In the eight piece solution, there’s a vertical line running through the middle that is adjacent to each of the eight pieces. Change the last pair of cuts so that each face becomes angled, with the two resulting pieces touching over less than half the original face, and with a wedge between them removed. Assemble the inner tetrahedron with the wedges missing, and there’s a kite-shaped hole that runs vertically through it, where a ninth piece can be added that touches each of the other eight.
If these cuts are made vertical, there’s no way to cut the new piece in two such that each piece touches all the others, but from pictures I’ve drawn, I believe the cuts can be skewed a little bit, so that a single plane cut through the new piece will have a least a small bit of face touching each of the original eight, giving a total of ten pieces, all of which touch each other.
I think I see a way that requires nine, but it would be a real pain to describe and it sounds like ZenBeam already has me beat.
Here’s an illustration of my way of requiring nine colors. (Hopefully I didn’t mess it up.)
Start with a flat slab, and split it into four pieces as in the left most image.
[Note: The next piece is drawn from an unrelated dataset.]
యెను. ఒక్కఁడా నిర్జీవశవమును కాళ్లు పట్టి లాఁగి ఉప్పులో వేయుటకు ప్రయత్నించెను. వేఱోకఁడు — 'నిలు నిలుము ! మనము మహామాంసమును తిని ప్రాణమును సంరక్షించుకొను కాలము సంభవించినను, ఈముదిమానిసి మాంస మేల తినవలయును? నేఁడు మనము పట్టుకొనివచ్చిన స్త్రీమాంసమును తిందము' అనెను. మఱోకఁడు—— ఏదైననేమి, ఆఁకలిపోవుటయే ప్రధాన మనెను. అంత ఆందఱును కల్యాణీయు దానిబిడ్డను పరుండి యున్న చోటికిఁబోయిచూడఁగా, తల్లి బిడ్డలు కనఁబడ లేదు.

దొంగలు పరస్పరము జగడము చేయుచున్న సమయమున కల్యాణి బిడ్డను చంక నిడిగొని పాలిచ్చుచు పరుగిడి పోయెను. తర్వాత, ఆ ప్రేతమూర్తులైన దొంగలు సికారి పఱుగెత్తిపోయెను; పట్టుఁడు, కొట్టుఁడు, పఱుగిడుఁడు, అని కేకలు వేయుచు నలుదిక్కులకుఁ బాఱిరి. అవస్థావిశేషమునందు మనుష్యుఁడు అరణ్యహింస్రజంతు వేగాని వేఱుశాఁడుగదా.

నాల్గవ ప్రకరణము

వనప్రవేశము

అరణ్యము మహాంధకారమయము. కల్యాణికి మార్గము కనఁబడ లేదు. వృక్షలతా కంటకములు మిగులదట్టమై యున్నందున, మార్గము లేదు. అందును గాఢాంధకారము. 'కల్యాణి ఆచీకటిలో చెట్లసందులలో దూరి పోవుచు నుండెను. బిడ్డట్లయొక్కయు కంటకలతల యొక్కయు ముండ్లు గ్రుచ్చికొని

Each piece touches all the rest, so four colors are required.
Directly on top of this slab we can add a second slab, split into four convex pieces as shown in the middle image. (Notice the small green piece between the red and blue pieces, and also note that the red and blue pieces extend beyond the green piece so as to touch each other.) Each piece in the upper slab touches the other three in the upper slab and all four in the lower slab, so now four new colors are required, bringing the total to eight.
We can add a third slab directly below the original slab, as in the rightmost image. This slab touches all four pieces of our original slab. However, we want it to touch all four pieces of the top slab as well, so we change our original slab so that its top face is angled. That way, the pieces in our top most slab are slanted, and they can extend past the edge of the original (middle) slab to touch the bottom slab. [At first I was worried that the bottom slab might not be able to touch the small green piece, since it doesn’t extend as far. But if necessary we can make the top face of the brown bottom slab angled downwards after it extends past the original (middle slab), so that that the outer portion of the bottom slab is flush with the top slab.]